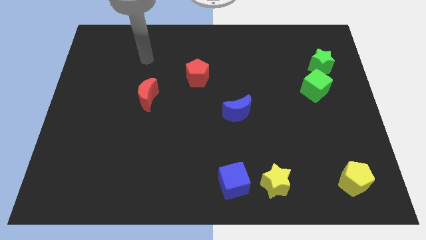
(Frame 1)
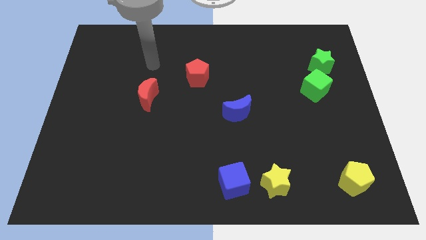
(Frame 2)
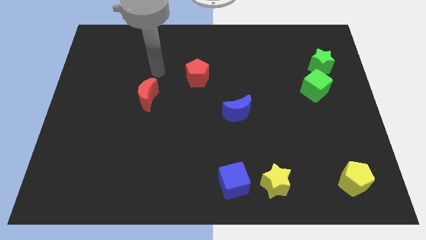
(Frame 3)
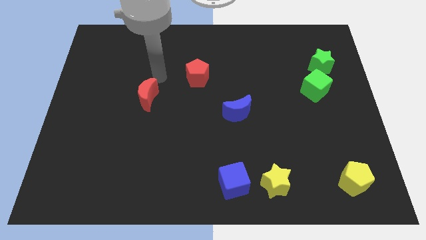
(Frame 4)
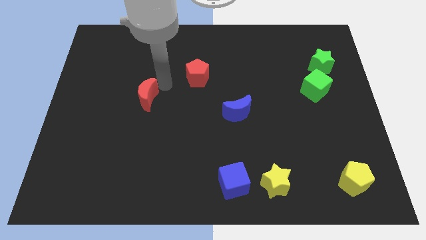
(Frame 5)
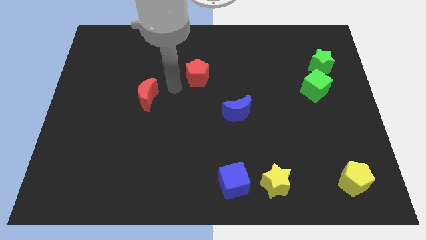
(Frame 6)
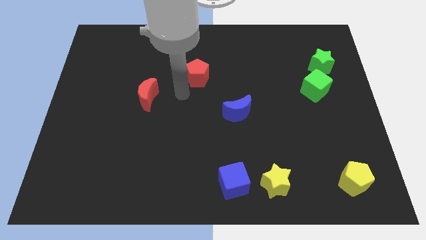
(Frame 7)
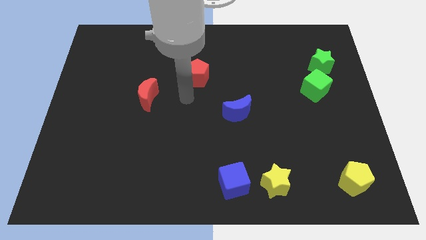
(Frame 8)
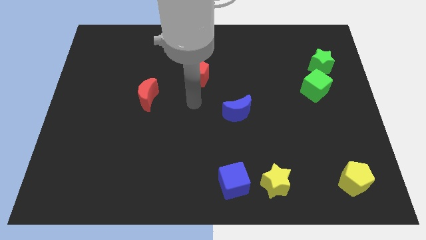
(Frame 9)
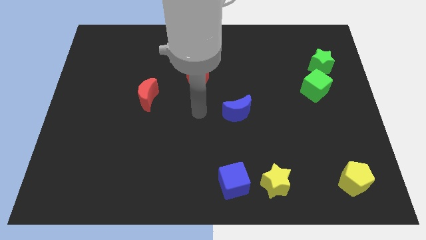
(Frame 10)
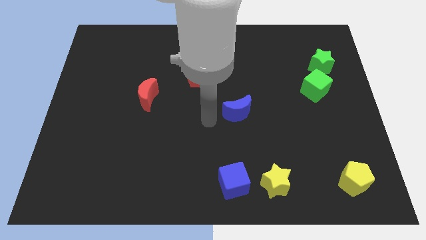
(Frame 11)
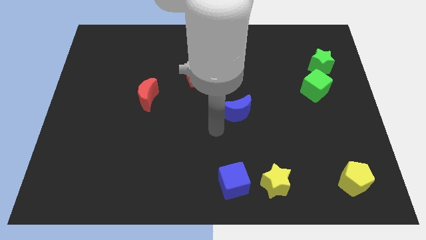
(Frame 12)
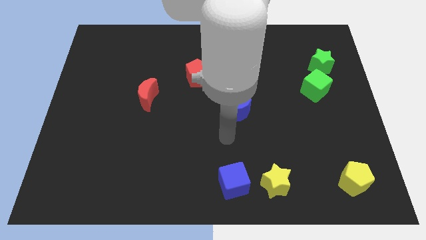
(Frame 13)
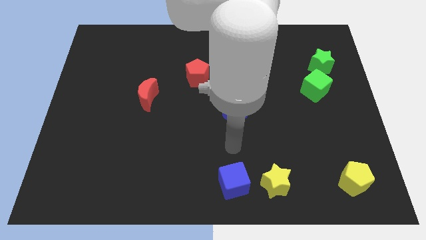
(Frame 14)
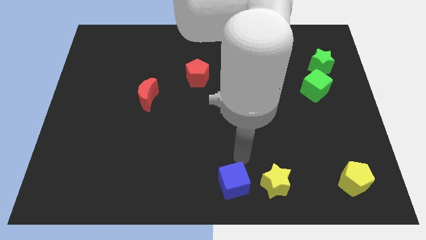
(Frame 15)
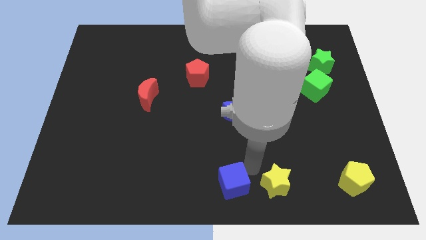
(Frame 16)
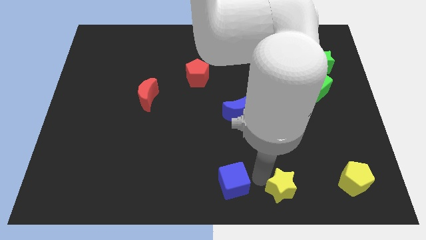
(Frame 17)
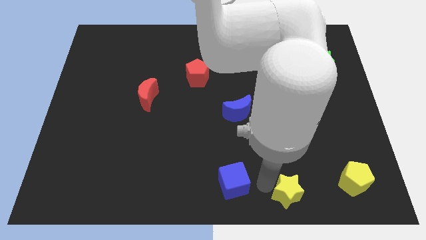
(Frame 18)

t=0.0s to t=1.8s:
pull the blue cube apart from the yellow star

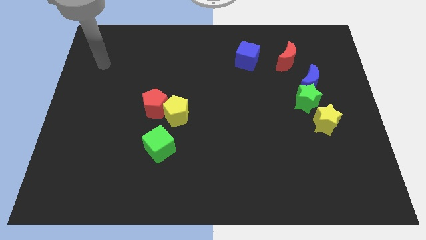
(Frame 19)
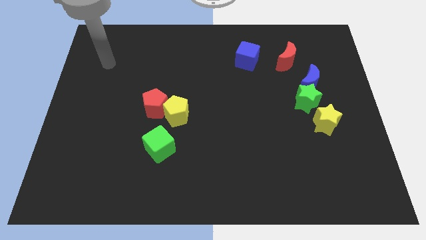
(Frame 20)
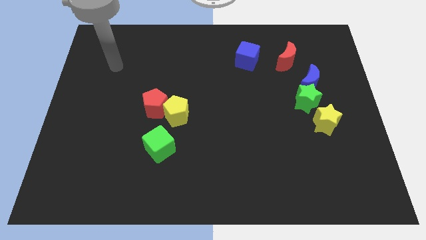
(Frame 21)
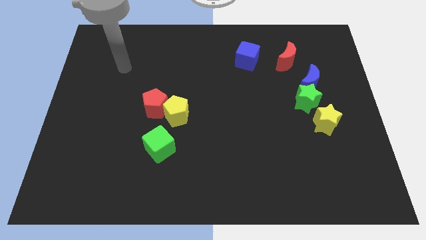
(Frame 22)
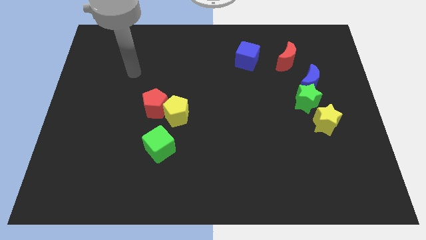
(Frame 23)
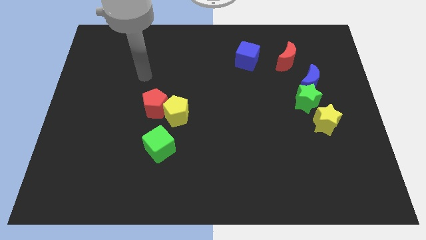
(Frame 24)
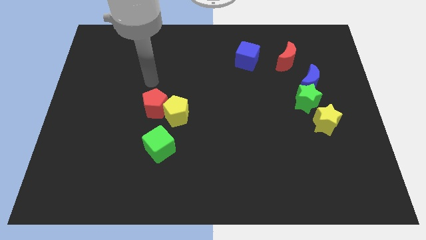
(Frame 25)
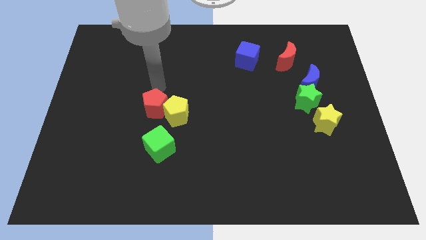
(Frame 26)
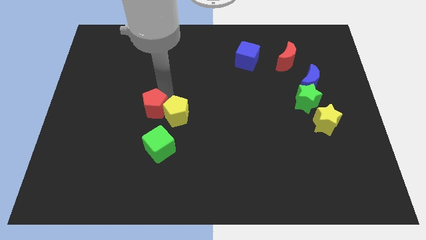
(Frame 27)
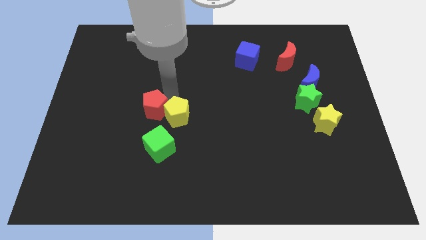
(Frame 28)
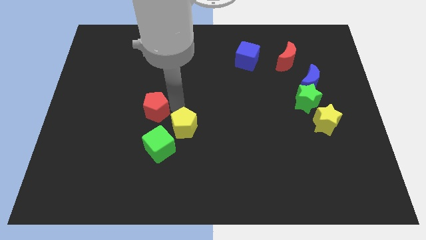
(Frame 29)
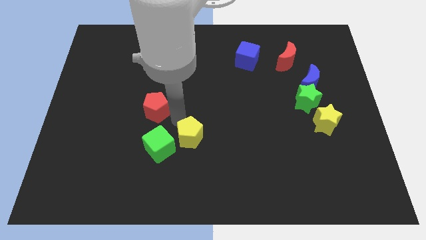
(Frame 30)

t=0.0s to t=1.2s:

━━━━

EXERCISE AIM:
Your copy must reproduce the entries above in full, without their pictures.

ANSWER TO THE EXERCISE:
(Frame 1)
(Frame 2)
(Frame 3)
(Frame 4)
(Frame 5)
(Frame 6)
(Frame 7)
(Frame 8)
(Frame 9)
(Frame 10)
(Frame 11)
(Frame 12)
(Frame 13)
(Frame 14)
(Frame 15)
(Frame 16)
(Frame 17)
(Frame 18)

t=0.0s to t=1.8s:
pull the blue cube apart from the yellow star

(Frame 19)
(Frame 20)
(Frame 21)
(Frame 22)
(Frame 23)
(Frame 24)
(Frame 25)
(Frame 26)
(Frame 27)
(Frame 28)
(Frame 29)
(Frame 30)

t=0.0s to t=1.2s:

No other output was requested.